Doing parallel reduction for a non-commutative operator is a bit more involved, compared to commutative version. In the example we still use a addition over integers for the simplicity sake. It could be replaced, for example, with matrix multiplication which really is non-commutative. Note, when doing so, 0 should be replaced by a neutral element of the multiplication - i.e. an identity matrix.

```
static const int arraySize = 1000000;
static const int blockSize = 1024;
__global__ void sumNoncommSingleBlock(const int *gArr, int *out) {
int thIdx = threadIdx.x;
__shared__ int shArr[blockSize*2];
__shared__ int offset;
shArr[thIdx] = thIdx<arraySize ? gArr[thIdx] : 0;
if (thIdx == 0)
offset = blockSize;
__syncthreads();
while (offset < arraySize) { //uniform
shArr[thIdx + blockSize] = thIdx+offset<arraySize ? gArr[thIdx+offset] : 0;
__syncthreads();
if (thIdx == 0)
offset += blockSize;
int sum = shArr[2*thIdx] + shArr[2*thIdx+1];
__syncthreads();
shArr[thIdx] = sum;
}
__syncthreads();
for (int stride = 1; stride<blockSize; stride*=2) { //uniform
int arrIdx = thIdx*stride*2;
if (arrIdx+stride<blockSize)
shArr[arrIdx] += shArr[arrIdx+stride];
__syncthreads();
}
if (thIdx == 0)
*out = shArr[0];
}
...
sumNoncommSingleBlock<<<1, blockSize>>>(dev_a, dev_out);
```

In the first while loop executes as long as there are more input elements than threads.
In each iteration, a single reduction is performed and the result is compressed into the first half of the `shArr`

array.
The second half is then filled with new data.

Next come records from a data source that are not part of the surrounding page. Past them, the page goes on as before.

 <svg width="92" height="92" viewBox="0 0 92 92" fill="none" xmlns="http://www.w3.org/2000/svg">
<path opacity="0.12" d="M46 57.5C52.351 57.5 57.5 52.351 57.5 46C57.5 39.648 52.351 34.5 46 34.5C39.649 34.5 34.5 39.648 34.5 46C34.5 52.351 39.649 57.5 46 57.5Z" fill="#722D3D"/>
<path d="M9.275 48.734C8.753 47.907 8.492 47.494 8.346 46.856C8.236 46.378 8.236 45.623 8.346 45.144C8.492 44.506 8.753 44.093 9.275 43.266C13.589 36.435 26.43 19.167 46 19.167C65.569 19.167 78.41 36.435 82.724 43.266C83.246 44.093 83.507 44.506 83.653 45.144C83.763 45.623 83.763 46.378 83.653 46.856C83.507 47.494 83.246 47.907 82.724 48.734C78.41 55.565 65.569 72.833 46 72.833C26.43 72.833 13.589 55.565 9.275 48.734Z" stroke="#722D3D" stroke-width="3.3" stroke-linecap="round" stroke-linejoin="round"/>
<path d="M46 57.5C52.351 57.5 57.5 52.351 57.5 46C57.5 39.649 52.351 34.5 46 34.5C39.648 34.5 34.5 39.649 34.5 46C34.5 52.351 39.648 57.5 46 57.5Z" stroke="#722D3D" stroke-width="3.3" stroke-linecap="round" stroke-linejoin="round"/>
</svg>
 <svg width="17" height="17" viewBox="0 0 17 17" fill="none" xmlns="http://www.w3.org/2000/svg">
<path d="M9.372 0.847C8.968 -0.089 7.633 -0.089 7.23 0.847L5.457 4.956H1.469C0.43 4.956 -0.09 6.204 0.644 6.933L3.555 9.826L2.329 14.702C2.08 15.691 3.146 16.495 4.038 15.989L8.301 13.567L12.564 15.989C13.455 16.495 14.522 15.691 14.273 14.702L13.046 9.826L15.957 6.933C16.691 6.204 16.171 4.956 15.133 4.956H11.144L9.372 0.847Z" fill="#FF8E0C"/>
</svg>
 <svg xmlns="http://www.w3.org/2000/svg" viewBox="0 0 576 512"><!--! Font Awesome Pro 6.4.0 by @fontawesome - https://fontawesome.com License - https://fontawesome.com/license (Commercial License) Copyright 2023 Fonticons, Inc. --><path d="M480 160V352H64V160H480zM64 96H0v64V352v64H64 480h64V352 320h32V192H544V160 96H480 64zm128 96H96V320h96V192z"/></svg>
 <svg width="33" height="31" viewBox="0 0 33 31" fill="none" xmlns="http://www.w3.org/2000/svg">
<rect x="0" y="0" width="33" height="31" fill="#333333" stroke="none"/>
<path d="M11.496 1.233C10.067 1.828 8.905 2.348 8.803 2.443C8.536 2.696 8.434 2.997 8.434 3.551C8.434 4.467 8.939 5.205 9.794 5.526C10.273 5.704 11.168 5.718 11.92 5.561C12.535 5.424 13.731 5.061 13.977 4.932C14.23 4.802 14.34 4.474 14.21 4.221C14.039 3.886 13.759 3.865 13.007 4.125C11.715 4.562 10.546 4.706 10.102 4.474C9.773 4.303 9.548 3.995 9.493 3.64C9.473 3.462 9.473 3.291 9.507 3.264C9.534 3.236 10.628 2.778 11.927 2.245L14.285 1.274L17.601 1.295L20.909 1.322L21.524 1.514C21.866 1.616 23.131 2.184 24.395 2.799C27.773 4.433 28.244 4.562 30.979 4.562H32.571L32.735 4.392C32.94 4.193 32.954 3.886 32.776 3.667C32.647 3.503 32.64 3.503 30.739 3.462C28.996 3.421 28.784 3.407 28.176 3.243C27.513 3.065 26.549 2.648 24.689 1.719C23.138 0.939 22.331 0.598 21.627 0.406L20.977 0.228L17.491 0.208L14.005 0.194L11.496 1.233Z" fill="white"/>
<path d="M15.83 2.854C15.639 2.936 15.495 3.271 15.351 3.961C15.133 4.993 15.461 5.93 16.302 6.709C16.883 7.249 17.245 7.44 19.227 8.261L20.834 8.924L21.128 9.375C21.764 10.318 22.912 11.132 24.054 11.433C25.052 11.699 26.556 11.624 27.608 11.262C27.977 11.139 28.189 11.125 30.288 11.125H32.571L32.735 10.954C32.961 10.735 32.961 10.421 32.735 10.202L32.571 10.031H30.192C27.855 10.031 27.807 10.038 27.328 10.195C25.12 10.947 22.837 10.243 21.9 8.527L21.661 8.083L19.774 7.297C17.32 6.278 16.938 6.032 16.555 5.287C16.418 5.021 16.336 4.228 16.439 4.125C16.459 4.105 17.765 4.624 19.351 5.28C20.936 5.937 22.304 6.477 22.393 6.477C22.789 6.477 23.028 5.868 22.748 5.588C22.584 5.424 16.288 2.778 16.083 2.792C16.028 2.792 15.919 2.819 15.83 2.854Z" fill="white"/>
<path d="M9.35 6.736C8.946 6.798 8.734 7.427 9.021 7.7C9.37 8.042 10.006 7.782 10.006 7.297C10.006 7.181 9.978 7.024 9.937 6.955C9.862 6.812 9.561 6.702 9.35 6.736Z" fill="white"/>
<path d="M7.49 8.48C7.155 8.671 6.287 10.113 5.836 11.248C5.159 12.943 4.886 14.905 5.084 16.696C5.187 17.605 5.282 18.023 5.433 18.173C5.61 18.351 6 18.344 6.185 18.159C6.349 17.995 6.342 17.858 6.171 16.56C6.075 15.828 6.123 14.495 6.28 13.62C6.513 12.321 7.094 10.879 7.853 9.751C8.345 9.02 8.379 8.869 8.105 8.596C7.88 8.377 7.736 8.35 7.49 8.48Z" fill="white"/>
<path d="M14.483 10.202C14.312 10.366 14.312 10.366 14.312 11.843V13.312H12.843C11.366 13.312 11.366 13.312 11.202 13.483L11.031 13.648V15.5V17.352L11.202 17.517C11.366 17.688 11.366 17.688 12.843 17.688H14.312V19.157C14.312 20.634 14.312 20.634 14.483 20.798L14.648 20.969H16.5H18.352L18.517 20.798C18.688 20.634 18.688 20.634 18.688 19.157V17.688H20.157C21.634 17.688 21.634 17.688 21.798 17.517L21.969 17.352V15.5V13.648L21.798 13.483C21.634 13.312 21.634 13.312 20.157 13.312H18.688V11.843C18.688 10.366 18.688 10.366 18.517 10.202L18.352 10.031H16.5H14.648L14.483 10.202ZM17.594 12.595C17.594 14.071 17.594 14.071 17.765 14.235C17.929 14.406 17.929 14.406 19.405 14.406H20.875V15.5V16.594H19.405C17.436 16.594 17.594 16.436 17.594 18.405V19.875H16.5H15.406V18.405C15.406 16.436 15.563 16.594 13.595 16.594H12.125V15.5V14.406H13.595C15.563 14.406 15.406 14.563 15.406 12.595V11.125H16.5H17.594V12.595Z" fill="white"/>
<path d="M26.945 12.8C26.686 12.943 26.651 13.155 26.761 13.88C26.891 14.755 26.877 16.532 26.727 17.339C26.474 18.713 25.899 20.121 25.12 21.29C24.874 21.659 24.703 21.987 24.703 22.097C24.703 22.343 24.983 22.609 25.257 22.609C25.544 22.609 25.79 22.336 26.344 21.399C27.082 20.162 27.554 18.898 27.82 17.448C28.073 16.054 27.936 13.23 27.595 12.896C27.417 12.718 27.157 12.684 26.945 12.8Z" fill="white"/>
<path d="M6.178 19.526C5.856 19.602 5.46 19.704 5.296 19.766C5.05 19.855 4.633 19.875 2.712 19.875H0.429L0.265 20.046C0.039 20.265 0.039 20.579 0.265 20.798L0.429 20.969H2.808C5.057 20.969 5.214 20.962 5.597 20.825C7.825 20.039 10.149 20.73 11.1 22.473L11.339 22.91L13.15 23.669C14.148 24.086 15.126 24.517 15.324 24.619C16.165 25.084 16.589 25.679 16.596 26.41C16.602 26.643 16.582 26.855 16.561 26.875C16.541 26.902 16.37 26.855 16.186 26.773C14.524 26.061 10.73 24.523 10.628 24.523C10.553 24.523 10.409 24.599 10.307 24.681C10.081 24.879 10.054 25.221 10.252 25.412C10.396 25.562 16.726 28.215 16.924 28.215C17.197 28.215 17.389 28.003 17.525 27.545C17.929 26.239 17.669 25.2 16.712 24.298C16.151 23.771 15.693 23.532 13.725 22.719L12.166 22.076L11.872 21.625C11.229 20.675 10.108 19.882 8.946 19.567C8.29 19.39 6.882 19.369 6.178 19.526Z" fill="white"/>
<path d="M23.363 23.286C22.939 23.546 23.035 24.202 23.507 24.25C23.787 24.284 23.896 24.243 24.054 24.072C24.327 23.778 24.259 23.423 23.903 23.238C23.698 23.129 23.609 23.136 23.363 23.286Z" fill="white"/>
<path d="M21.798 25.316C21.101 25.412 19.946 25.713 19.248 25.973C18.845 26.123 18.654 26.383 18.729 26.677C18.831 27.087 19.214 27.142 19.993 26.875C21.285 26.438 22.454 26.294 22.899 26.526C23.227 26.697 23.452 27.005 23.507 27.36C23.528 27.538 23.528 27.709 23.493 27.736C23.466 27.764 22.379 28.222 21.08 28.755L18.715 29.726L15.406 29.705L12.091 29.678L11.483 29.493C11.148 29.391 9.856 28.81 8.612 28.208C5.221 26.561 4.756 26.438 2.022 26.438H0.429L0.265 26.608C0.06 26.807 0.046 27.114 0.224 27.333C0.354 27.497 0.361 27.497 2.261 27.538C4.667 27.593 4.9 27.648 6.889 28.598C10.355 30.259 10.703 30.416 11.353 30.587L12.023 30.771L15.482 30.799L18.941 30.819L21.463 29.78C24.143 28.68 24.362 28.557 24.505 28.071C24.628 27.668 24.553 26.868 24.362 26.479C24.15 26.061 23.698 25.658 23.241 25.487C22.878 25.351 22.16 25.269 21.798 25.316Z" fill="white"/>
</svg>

Once all data is loaded from `gArr`

, the second loop executes.
Now, we no longer compress the result (which costs an extra `__syncthreads()`

).
In each step the thread n access the `2*n`

-th active element and adds it up with `2*n+1`

-th element:

There are many ways to further optimize this simple example, e.g. through warp-level reduction and by removing shared memory bank conflicts.